[Collected data entries]

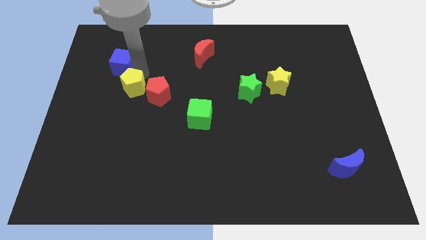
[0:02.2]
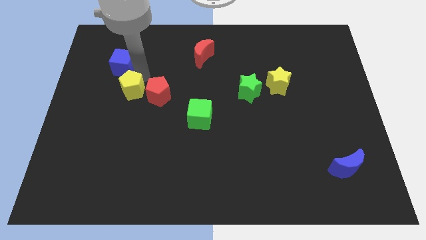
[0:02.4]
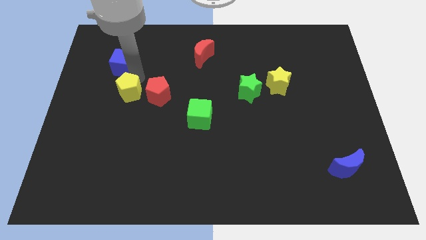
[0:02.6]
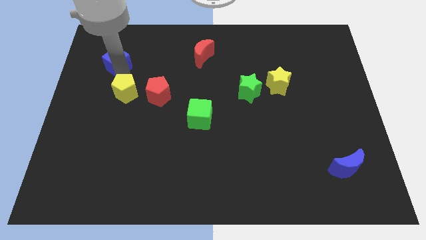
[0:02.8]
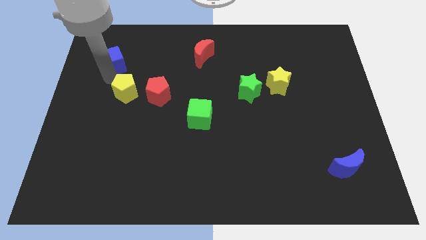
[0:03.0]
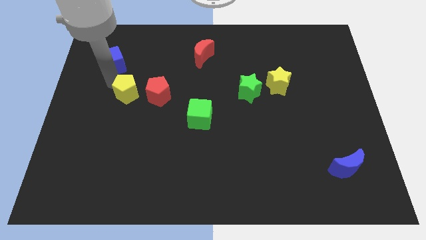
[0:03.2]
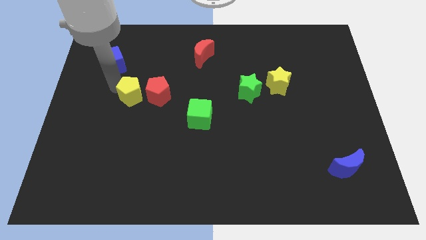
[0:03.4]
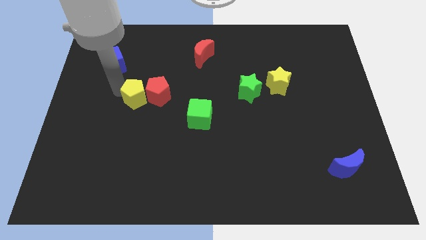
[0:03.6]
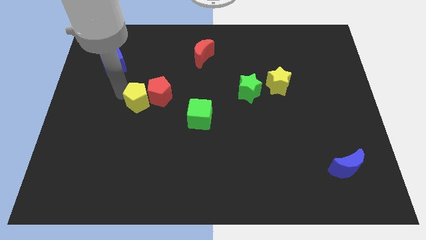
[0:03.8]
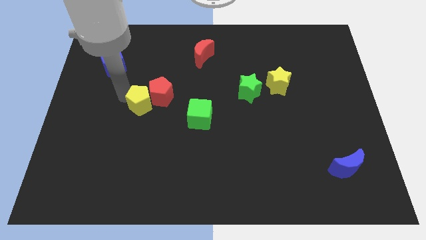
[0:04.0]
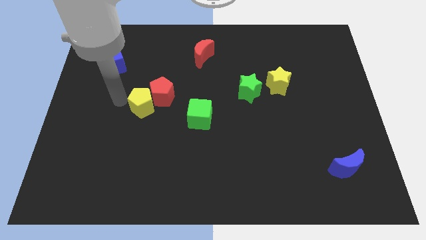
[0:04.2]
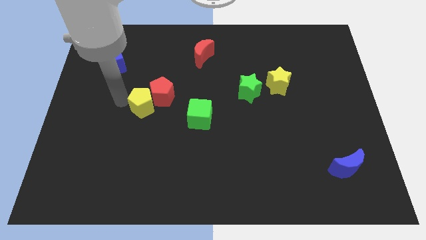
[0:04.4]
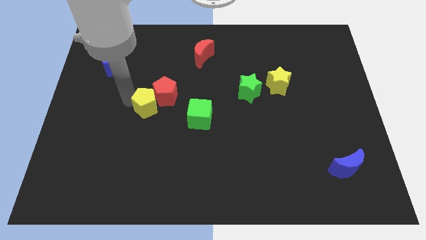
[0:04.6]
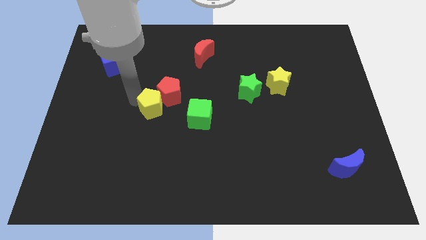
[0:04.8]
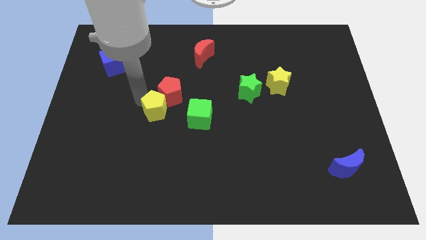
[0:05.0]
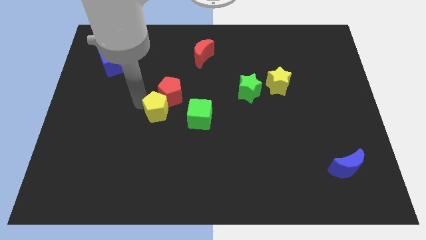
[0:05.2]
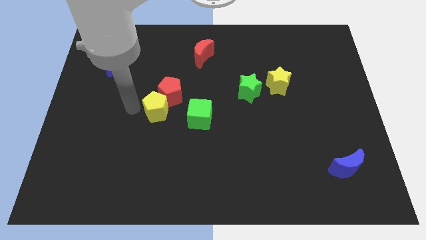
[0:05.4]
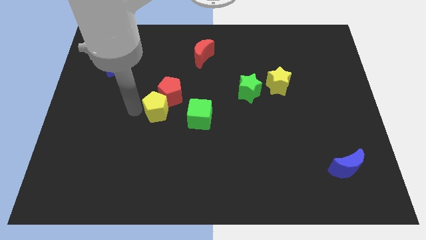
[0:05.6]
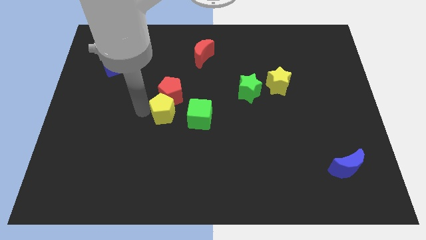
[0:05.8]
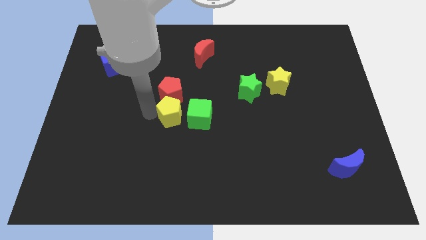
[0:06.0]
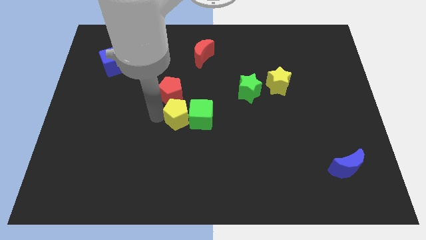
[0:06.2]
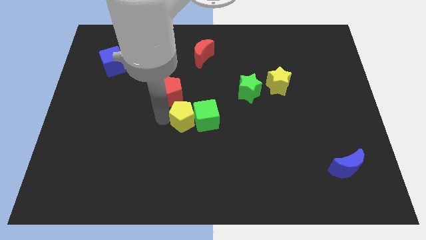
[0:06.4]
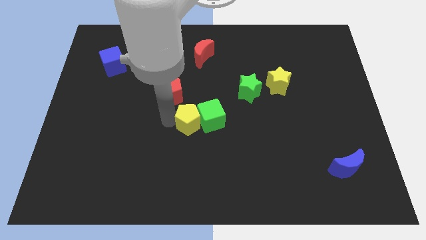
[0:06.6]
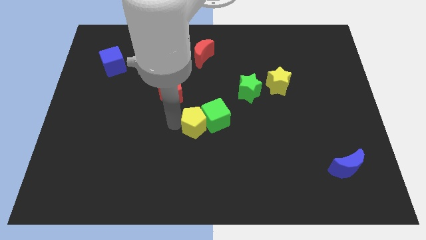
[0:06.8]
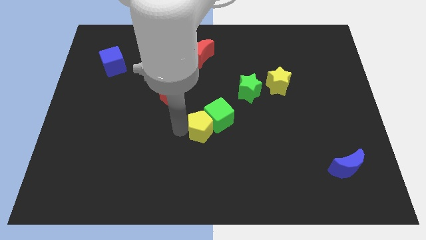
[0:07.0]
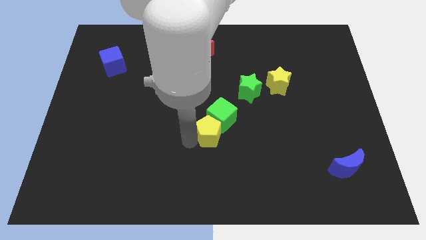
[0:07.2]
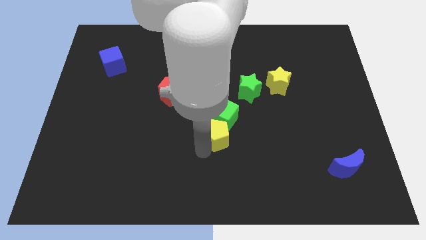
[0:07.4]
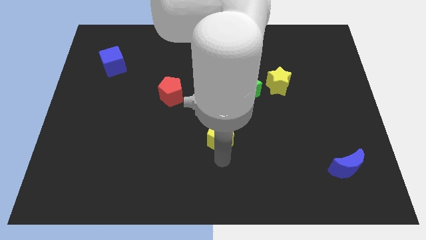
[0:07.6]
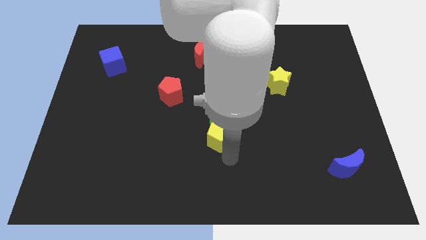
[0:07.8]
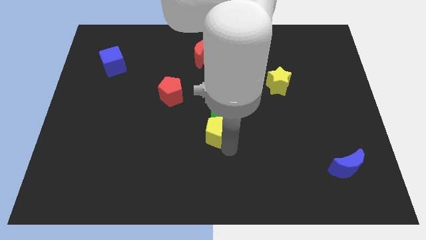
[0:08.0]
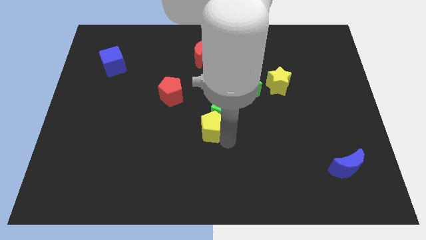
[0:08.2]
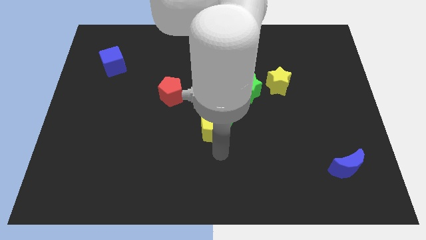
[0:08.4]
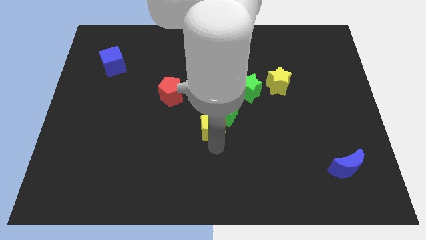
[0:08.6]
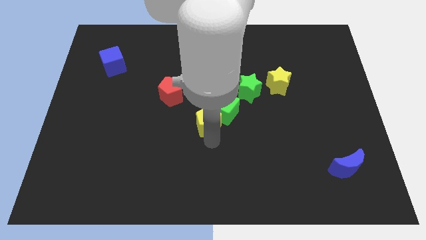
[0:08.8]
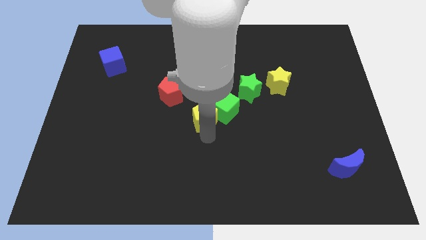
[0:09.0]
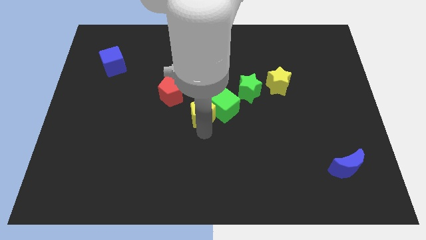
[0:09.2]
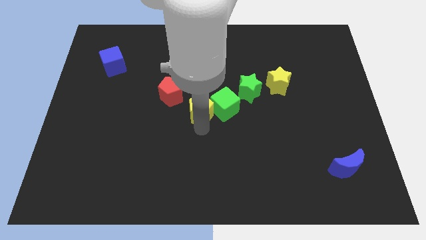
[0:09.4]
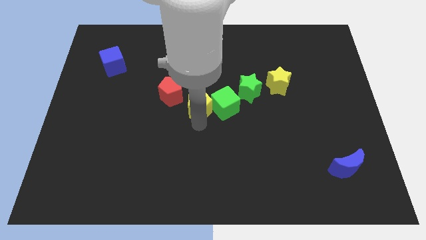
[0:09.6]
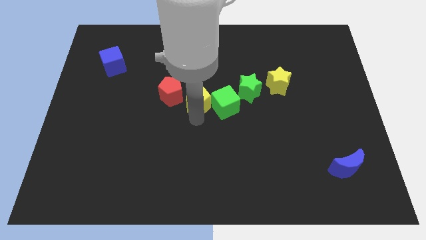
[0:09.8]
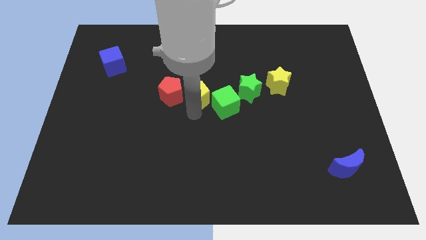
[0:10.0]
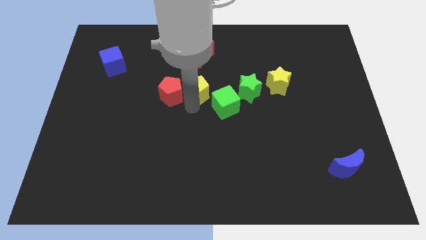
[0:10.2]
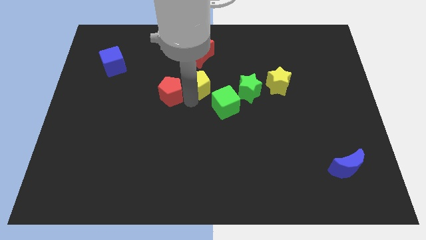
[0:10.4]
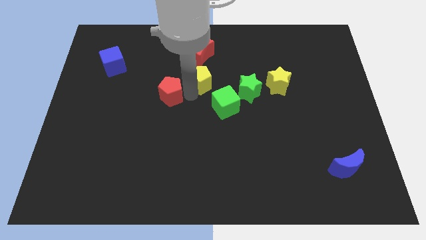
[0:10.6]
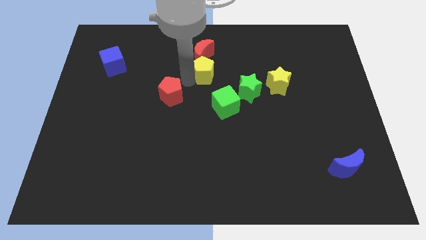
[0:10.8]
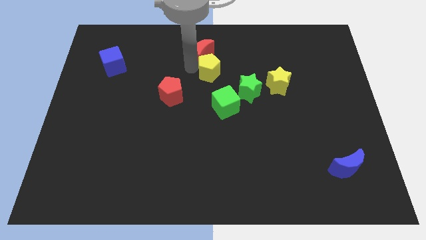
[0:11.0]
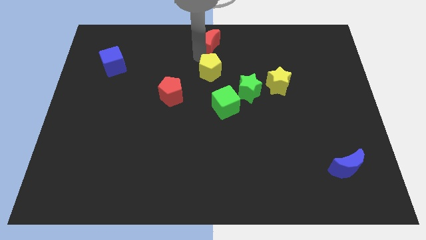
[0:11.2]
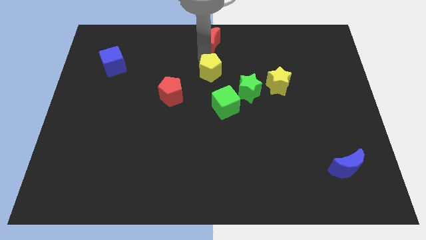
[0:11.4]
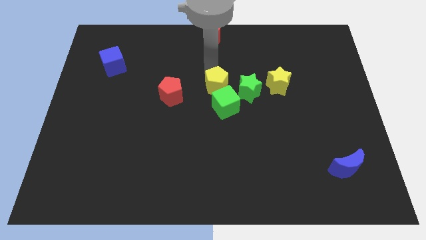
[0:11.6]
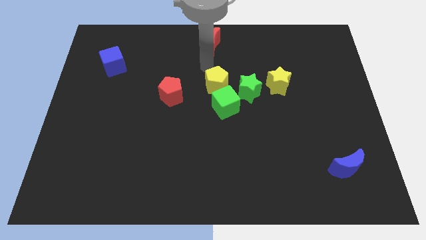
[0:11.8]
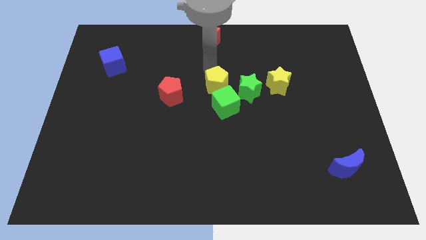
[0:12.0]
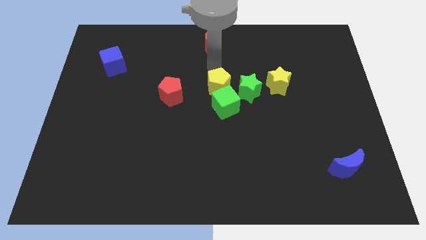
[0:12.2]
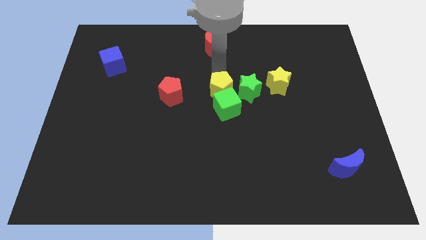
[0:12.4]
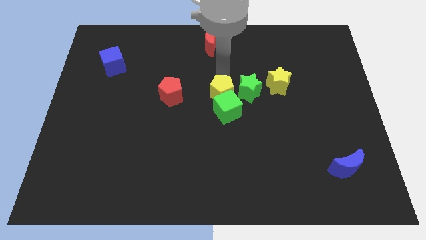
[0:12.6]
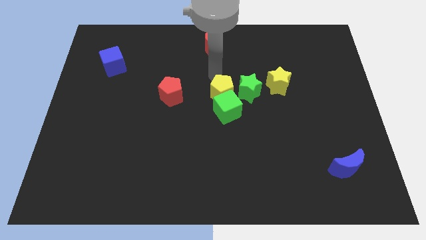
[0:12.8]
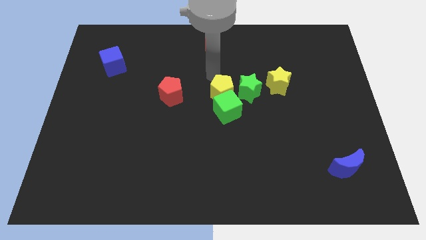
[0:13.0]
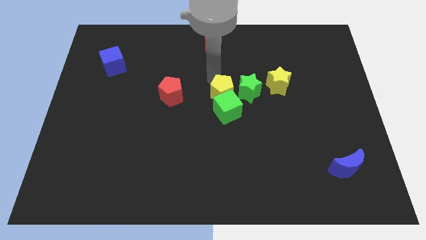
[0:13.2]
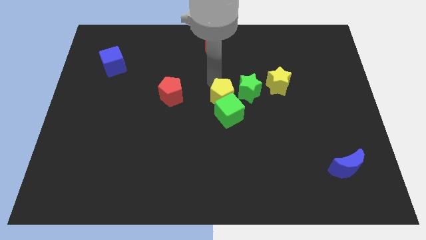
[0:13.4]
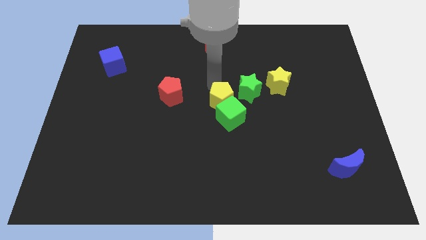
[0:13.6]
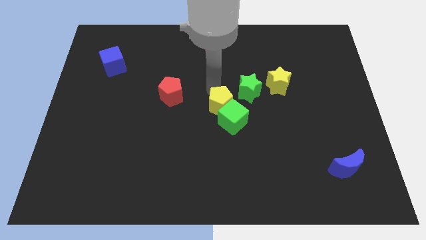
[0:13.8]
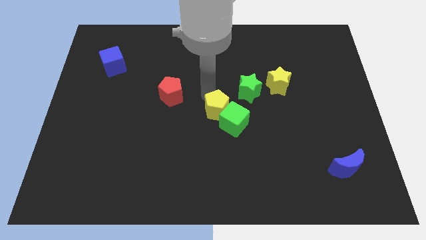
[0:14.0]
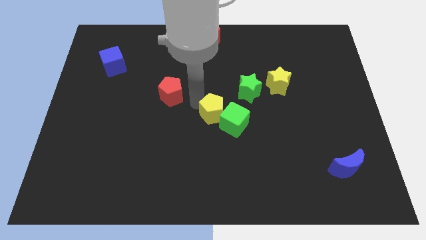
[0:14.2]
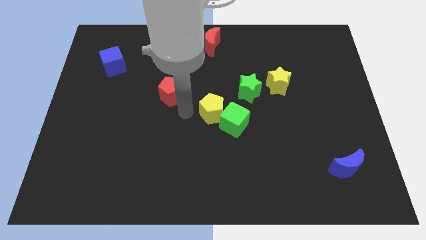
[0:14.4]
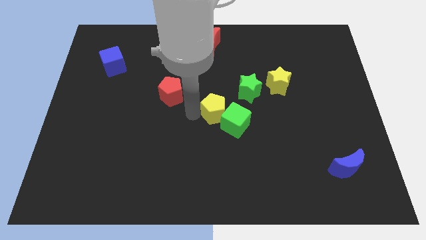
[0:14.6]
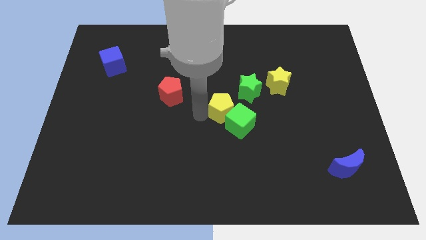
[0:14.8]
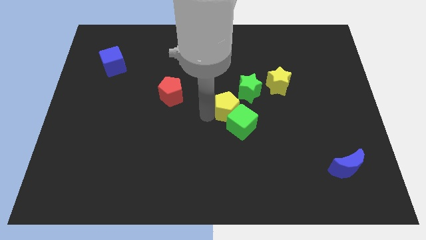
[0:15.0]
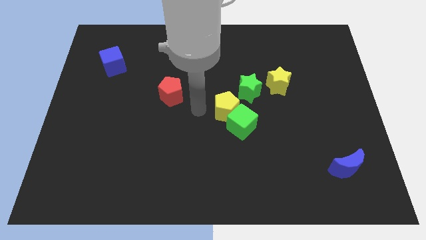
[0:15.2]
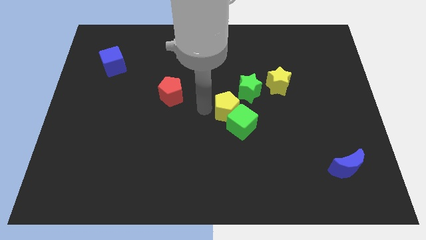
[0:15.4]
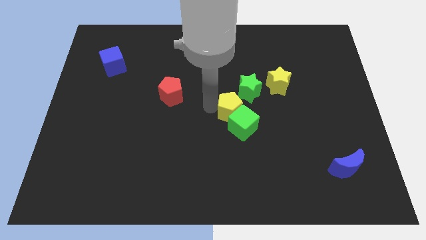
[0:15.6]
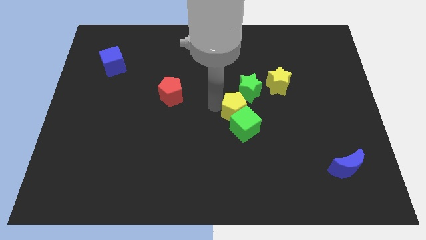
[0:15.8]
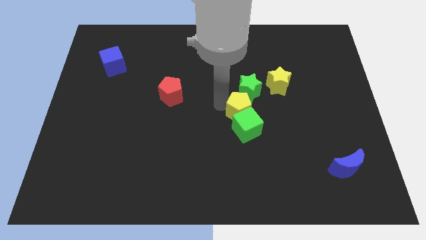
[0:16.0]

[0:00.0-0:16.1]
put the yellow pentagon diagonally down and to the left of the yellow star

→ **WORK TO COMPLETE**
The answer must be an exact copy of the records, with no pictures in it.

→ **SOLUTION TO THE PROBLEM**
[0:02.2]
[0:02.4]
[0:02.6]
[0:02.8]
[0:03.0]
[0:03.2]
[0:03.4]
[0:03.6]
[0:03.8]
[0:04.0]
[0:04.2]
[0:04.4]
[0:04.6]
[0:04.8]
[0:05.0]
[0:05.2]
[0:05.4]
[0:05.6]
[0:05.8]
[0:06.0]
[0:06.2]
[0:06.4]
[0:06.6]
[0:06.8]
[0:07.0]
[0:07.2]
[0:07.4]
[0:07.6]
[0:07.8]
[0:08.0]
[0:08.2]
[0:08.4]
[0:08.6]
[0:08.8]
[0:09.0]
[0:09.2]
[0:09.4]
[0:09.6]
[0:09.8]
[0:10.0]
[0:10.2]
[0:10.4]
[0:10.6]
[0:10.8]
[0:11.0]
[0:11.2]
[0:11.4]
[0:11.6]
[0:11.8]
[0:12.0]
[0:12.2]
[0:12.4]
[0:12.6]
[0:12.8]
[0:13.0]
[0:13.2]
[0:13.4]
[0:13.6]
[0:13.8]
[0:14.0]
[0:14.2]
[0:14.4]
[0:14.6]
[0:14.8]
[0:15.0]
[0:15.2]
[0:15.4]
[0:15.6]
[0:15.8]
[0:16.0]

[0:00.0-0:16.1]
put the yellow pentagon diagonally down and to the left of the yellow star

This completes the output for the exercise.